▶ _WHAT THE EXERCISE ASKS_:
For the data below, please report each line where the word "paragraph" is found.

Extracted data entries:
* * *

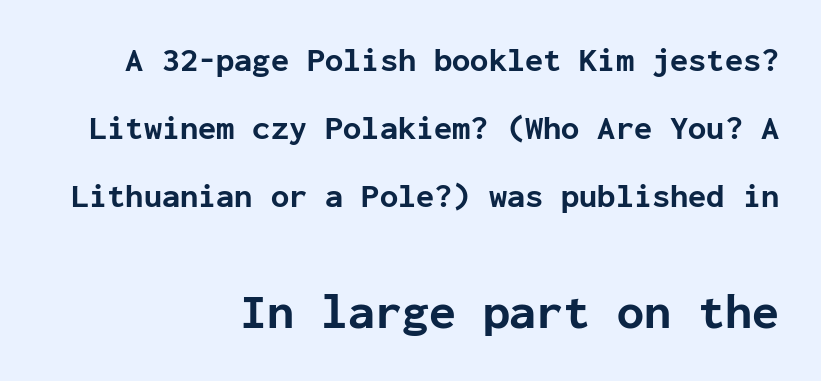
Q: Is the text bold? A: Yes.
Q: Is the text italic (slanted)? A: No, it is upright.
Q: Is the typeface a serif or a sans-serif typeface? A: Sans-serif.
Q: Is the text underlined? A: No.
Q: How is the paragraph aligned? A: Right-aligned.
Q: Is the spacing between letters normal or unusually wide? A: Normal.
Q: Is the spacing between lines tight, normal or loose? A: Loose.
Q: Which block of text is set in a larger size, the first (top) or the second (bottom)? A: The second (bottom) one.
Q: Width (condensed, normal, or wide)? A: Normal.
Q: Stroke contrast? A: Low.
Q: x-height? A: Medium.
Q: Monospaced? A: Yes.
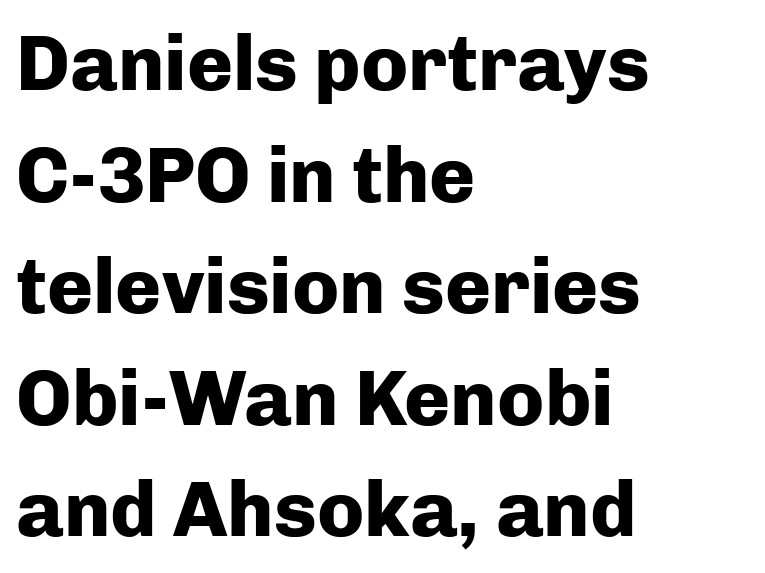
{"serif": "no", "italic": "no", "bold": "yes", "weight": "heavy", "width": "normal", "stroke_contrast": "low", "x_height": "medium", "monospaced": "no", "underline": "no", "align": "left", "line_spacing": "normal", "line_spacing_ratio": 1.43, "letter_spacing": "normal", "letter_spacing_em": 0.0, "glyph_px": 78}
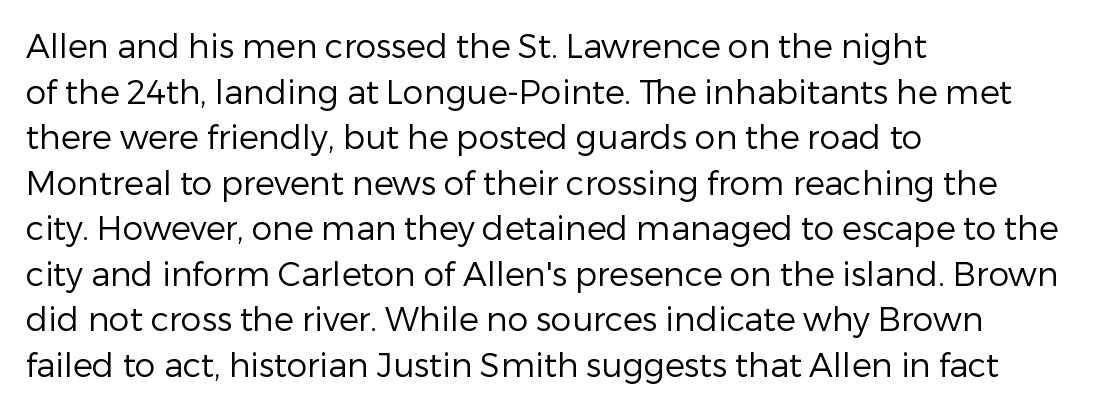
{"serif": "no", "italic": "no", "bold": "no", "weight": "regular", "width": "normal", "stroke_contrast": "low", "x_height": "medium", "monospaced": "no", "underline": "no", "align": "left", "line_spacing": "normal", "line_spacing_ratio": 1.38, "letter_spacing": "normal", "letter_spacing_em": 0.0, "glyph_px": 33}
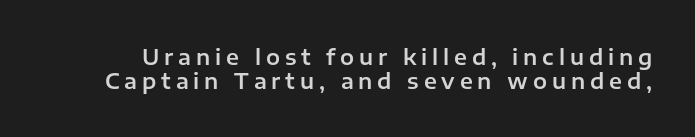
Q: Is the text italic (slanted)? A: No, it is upright.
Q: Is the text underlined? A: No.
Q: Is the spacing between letters normal or unusually wide? A: Unusually wide.
Q: Is the spacing between lines tight, normal or loose? A: Tight.
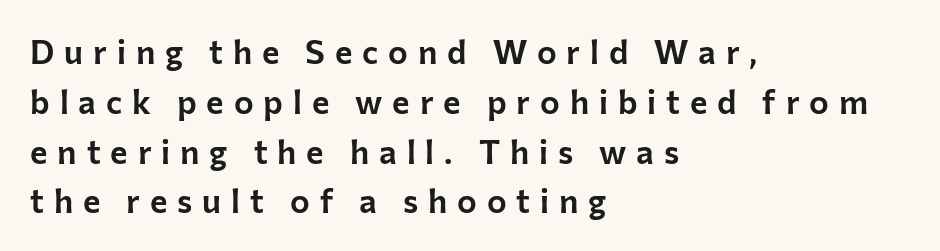
Q: Is the text italic (slanted)? A: No, it is upright.
Q: Is the typeface a serif or a sans-serif typeface? A: Sans-serif.
Q: Is the text underlined? A: No.
Q: How is the paragraph aligned? A: Left-aligned.
Q: Is the spacing between letters normal or unusually wide? A: Unusually wide.
Q: Is the spacing between lines tight, normal or loose? A: Normal.
Q: Width (condensed, normal, or wide)? A: Normal.
Q: Stroke contrast? A: Low.
Q: x-height? A: Medium.
Q: Monospaced? A: No.
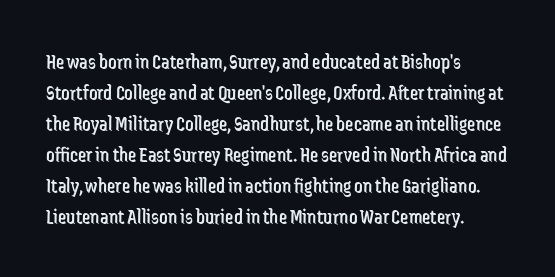
No chunkiness to these letters — they're not bold. The area under the type is left untouched. This rendering uses left alignment, leaving the right contour irregular. The font's upright variant was chosen for this text. Compared with typical body copy, the letter spacing here is the same.
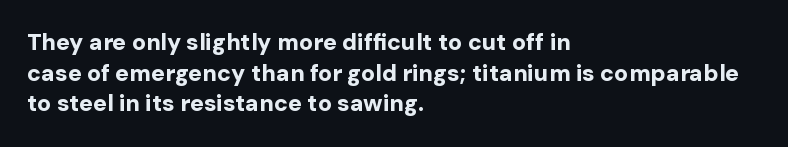
{"italic": "no", "bold": "yes", "underline": "no", "align": "left", "line_spacing": "normal", "line_spacing_ratio": 1.33, "letter_spacing": "normal", "letter_spacing_em": 0.0, "glyph_px": 23}
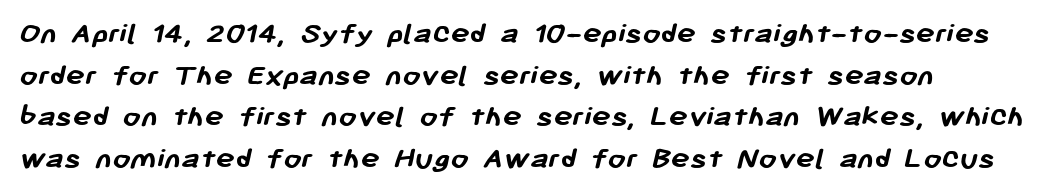
Q: Is the text bold? A: Yes.
Q: Is the typeface a serif or a sans-serif typeface? A: Sans-serif.
Q: Is the text underlined? A: No.
Q: Is the spacing between letters normal or unusually wide? A: Normal.
Q: Is the spacing between lines tight, normal or loose? A: Normal.
Q: Width (condensed, normal, or wide)? A: Normal.
Q: Stroke contrast? A: Low.
Q: x-height? A: Medium.
Q: Monospaced? A: No.

* * *

▶ _EXERCISE ANSWER_:
Q: How is the paragraph aligned? A: Right-aligned.
Q: How is the paragraph aligned? A: Left-aligned.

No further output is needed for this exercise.